Ernst Haas: 100 years

March 2, 2021

He was born in Austria one hundred years ago; and the Leica photographer’s colour photographs, in particular, are still considered unique, even today.
“The vision of a painter, the feelings of a composer and the soul of a mystic.” According to a 1985 issue of Leica Fotografie, these elements are key to the photographer‘s impressive work. Ernst Haas himself underlined this assessment: “I would probably have become a painter, if it were not for the War. But I would have been equally happy as a composer. In Vienna, where I grew up, there was music everywhere. This is the reason, I am sure, why so many of my photographs contain a musical element. Indeed, there is sometimes more music than objective photography.”

At the time these words appeared in the magazine, Haas was 64 years old, and extremely successful as a photojournalist, commercial photographer and creative photo essayist, as well as with his photo books and exhibitions. His artistic colour photographs, in particular, had long been considered legendary and were very popular. He was a renowned member of the Magnum Agency: in fact, he had joined back in 1949, as the youngest member accepted into the group at the time. His reportage on soldiers returning from captivity, photographed at Vienna's Südbahnhof when the photographer was only 26, had a decisive impact upon his career. The emotional and touching series about the men and the families who waited for them was first published in Heute; and, shortly afterwards, in Life. In 1951, Haas moved to New York. His reportage work was increasingly replaced by picture essays.

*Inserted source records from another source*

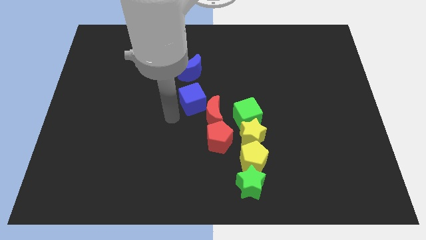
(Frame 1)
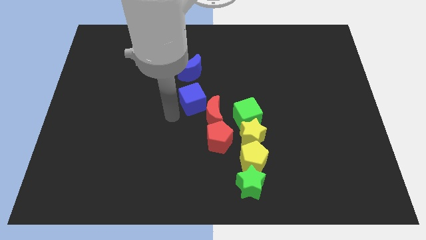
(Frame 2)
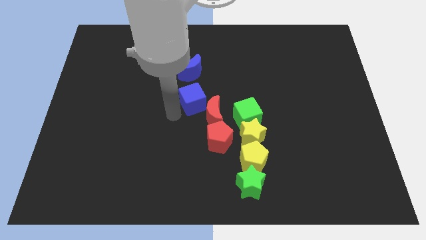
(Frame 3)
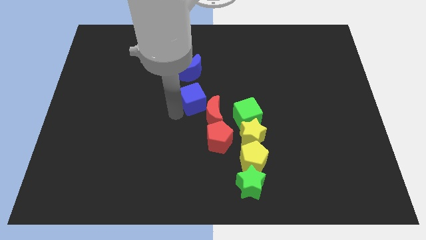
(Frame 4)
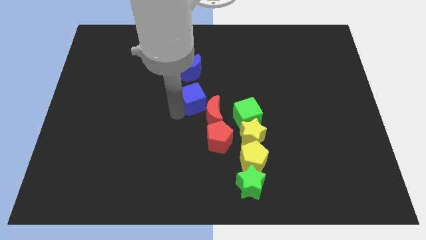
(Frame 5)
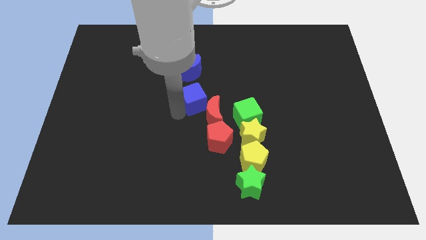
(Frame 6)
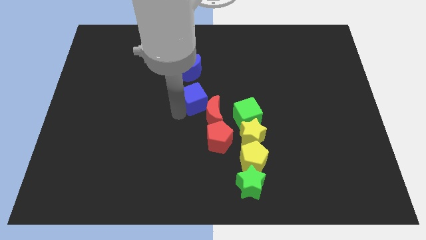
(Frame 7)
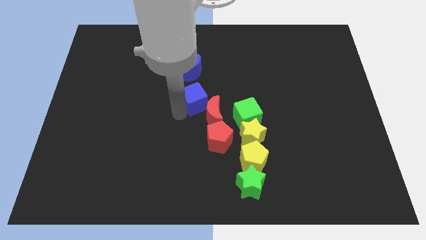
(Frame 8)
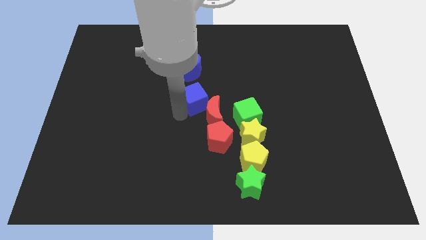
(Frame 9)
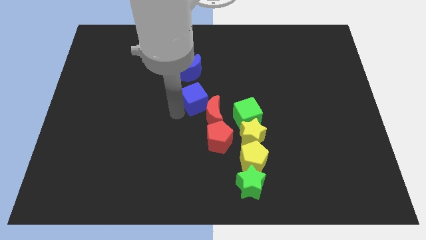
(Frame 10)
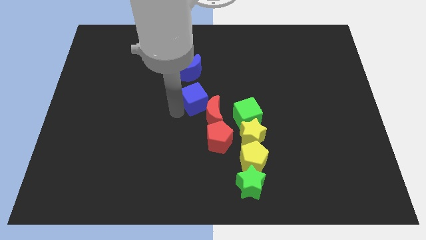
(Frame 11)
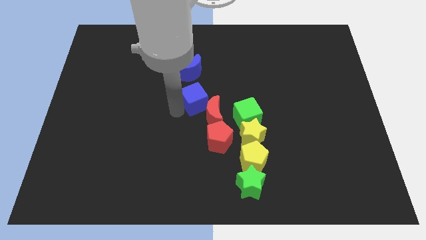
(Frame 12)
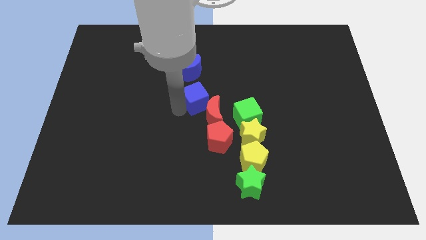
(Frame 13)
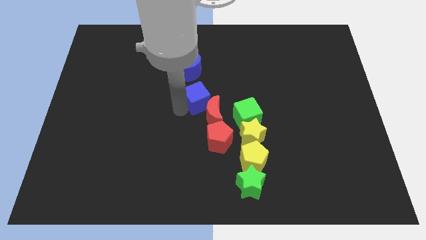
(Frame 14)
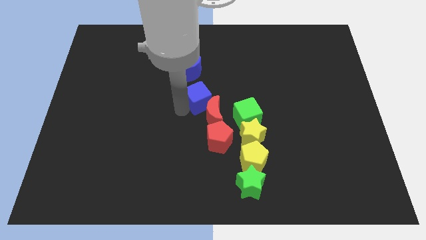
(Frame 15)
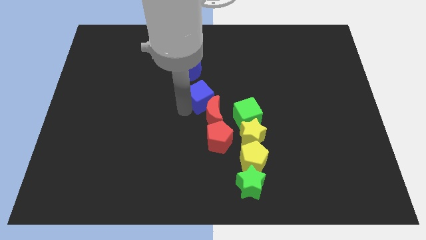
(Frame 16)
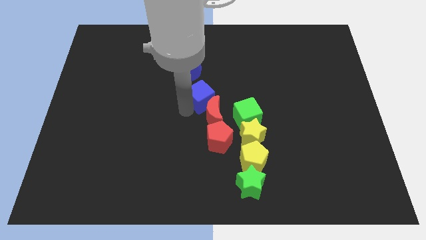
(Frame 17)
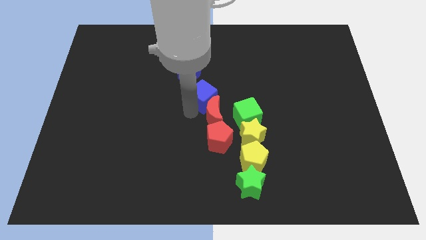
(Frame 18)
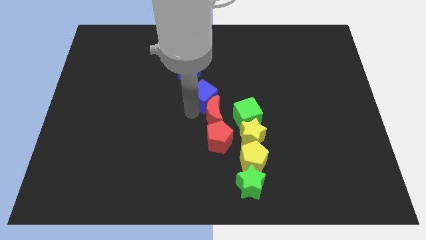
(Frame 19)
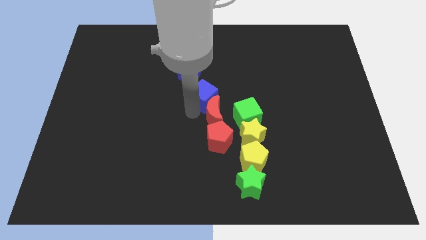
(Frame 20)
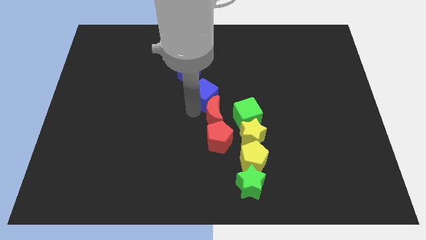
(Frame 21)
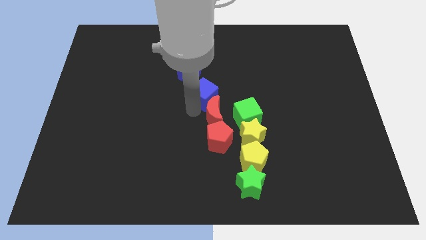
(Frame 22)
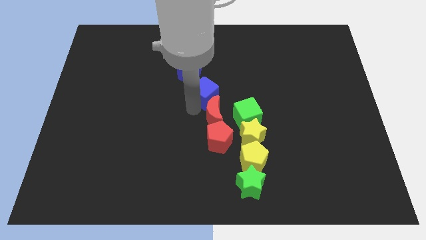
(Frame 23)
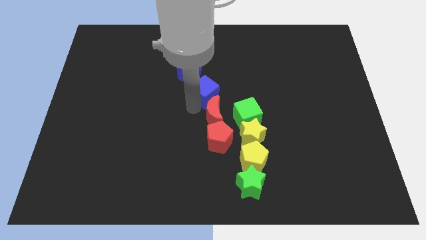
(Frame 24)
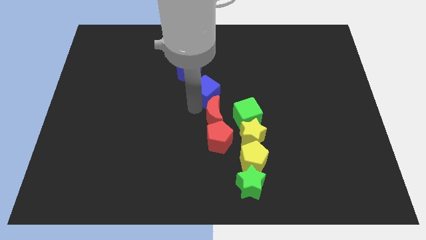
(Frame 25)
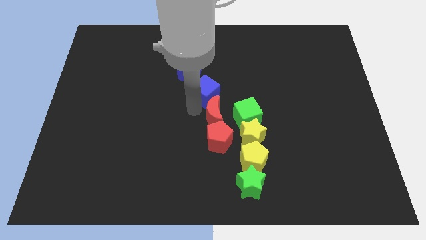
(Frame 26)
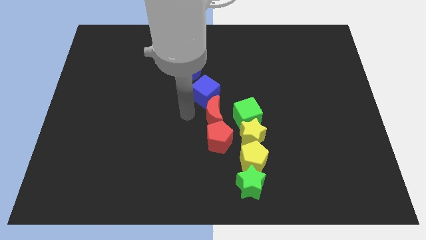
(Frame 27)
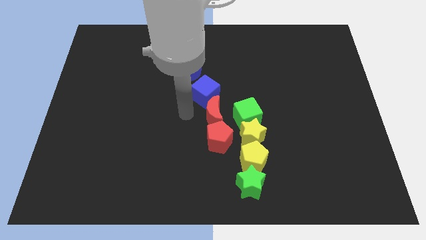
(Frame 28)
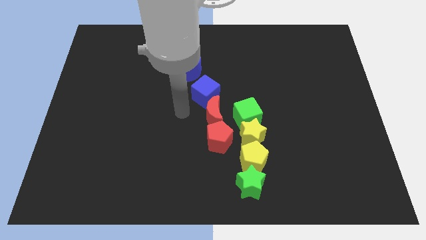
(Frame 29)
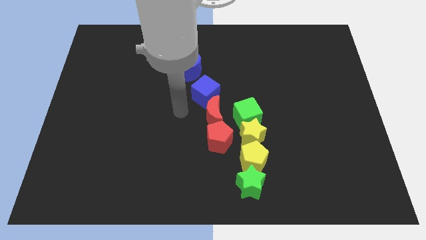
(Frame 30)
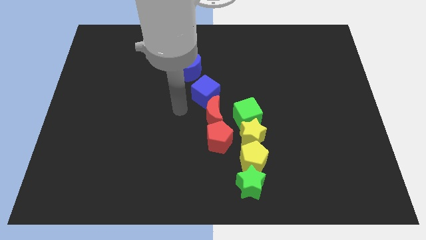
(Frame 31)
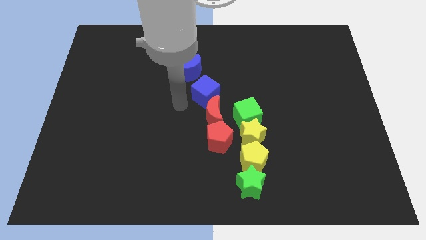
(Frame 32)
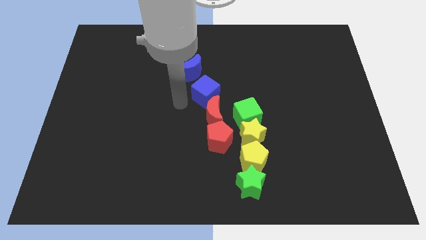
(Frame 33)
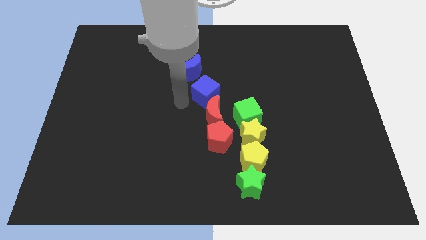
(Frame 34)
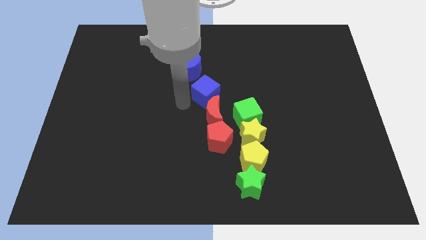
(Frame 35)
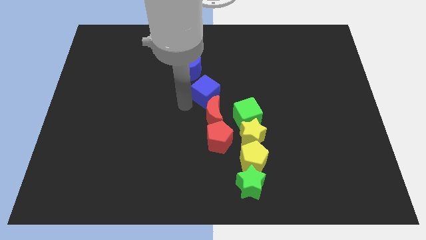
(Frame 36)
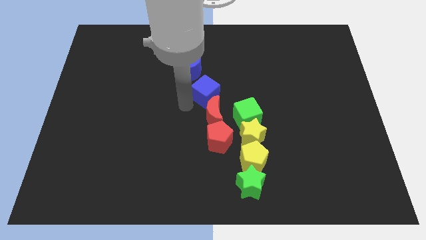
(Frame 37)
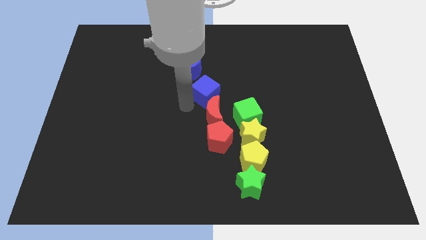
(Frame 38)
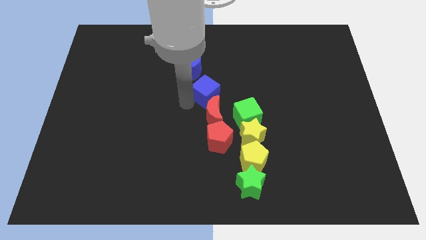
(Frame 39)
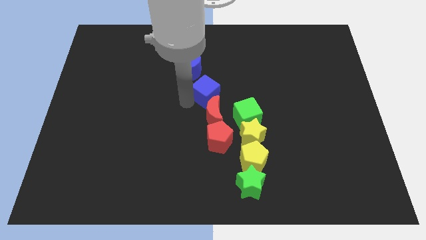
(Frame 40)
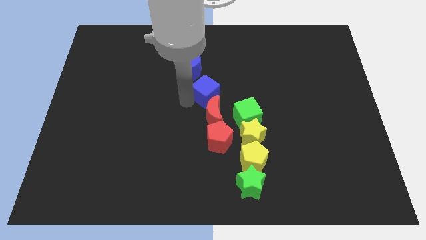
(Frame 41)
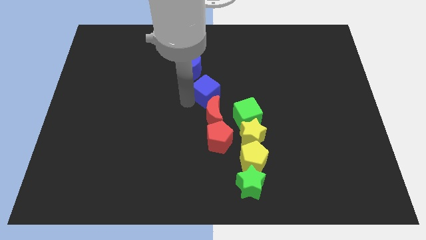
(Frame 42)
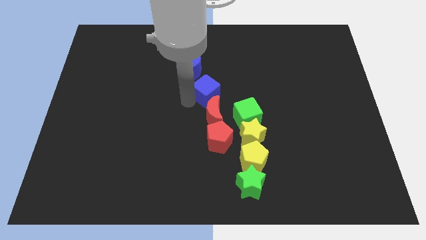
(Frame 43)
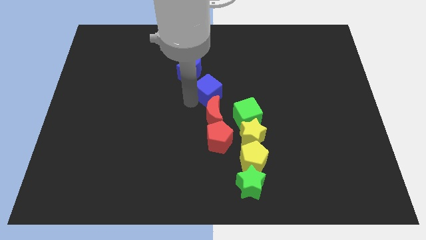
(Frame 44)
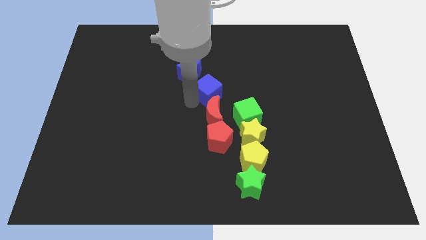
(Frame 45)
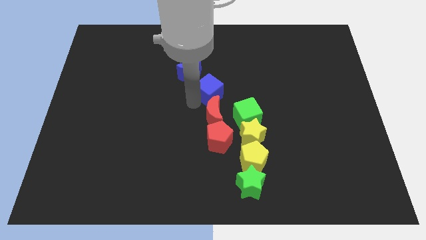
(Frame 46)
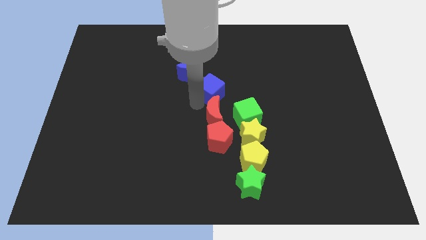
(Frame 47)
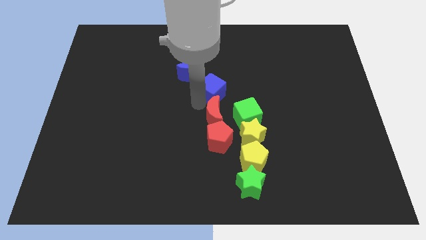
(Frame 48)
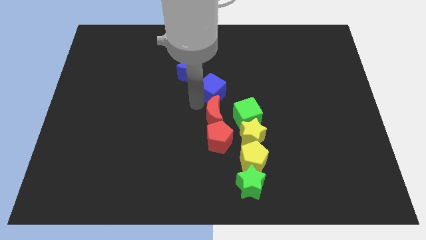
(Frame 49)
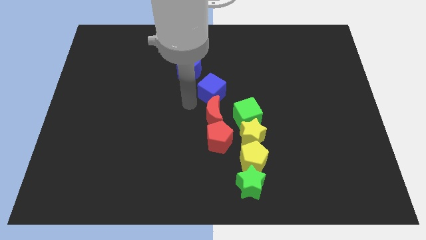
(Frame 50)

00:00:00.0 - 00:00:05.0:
place blue cube above red crescent

In 1949, he became the owner of a Leica, and began to discover colour photography, using Kodachrome material. His Magic Images of New York, a twenty-four-page colour photo essay, appeared in Life in 1951. It was both his and the magazine's first comprehensive, colour feature. He developed an innovative approach, founded primarily on long shutter speeds, giving the pictures the illusion of movement. He roamed around New York with his Leica for months, photographing street lights, wall details, and making abstract compositions with features overlooked by most. In 1962, he was given a solo exhibition at the Museum of Modern Art in New York.

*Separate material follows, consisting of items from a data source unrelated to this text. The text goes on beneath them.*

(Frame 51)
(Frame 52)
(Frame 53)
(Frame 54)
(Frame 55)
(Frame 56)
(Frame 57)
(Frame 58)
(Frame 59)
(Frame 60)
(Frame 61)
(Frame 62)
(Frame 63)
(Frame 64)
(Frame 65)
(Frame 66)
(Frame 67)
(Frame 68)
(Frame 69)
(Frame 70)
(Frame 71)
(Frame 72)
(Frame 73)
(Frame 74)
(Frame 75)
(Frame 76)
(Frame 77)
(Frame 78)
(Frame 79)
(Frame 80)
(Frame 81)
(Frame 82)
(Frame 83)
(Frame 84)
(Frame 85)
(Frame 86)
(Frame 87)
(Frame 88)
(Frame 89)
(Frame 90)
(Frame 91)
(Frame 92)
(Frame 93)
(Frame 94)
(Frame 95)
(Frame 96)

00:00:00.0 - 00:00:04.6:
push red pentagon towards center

Even though he continued to take on reportage assignments in black and white, colour remained his defining theme. His most successful photo book was to be The Creation. The book resulted from his collaboration with director John Houston on the monumental US-Italian film The Bible, in 1966: it was Haas who put together the opening creation sequence. In the following years, he further experimented by adding audiovisual elements to his pictures; he considered that these images should be understood as musical, because “they communicate directly and need no interpretation”. His professional eye, and precise understanding of photography’s suggestive power, served him well during international advertising campaigns. Even though these were directed at the masses, Haas still saw himself as an artist and a picture-taking poet.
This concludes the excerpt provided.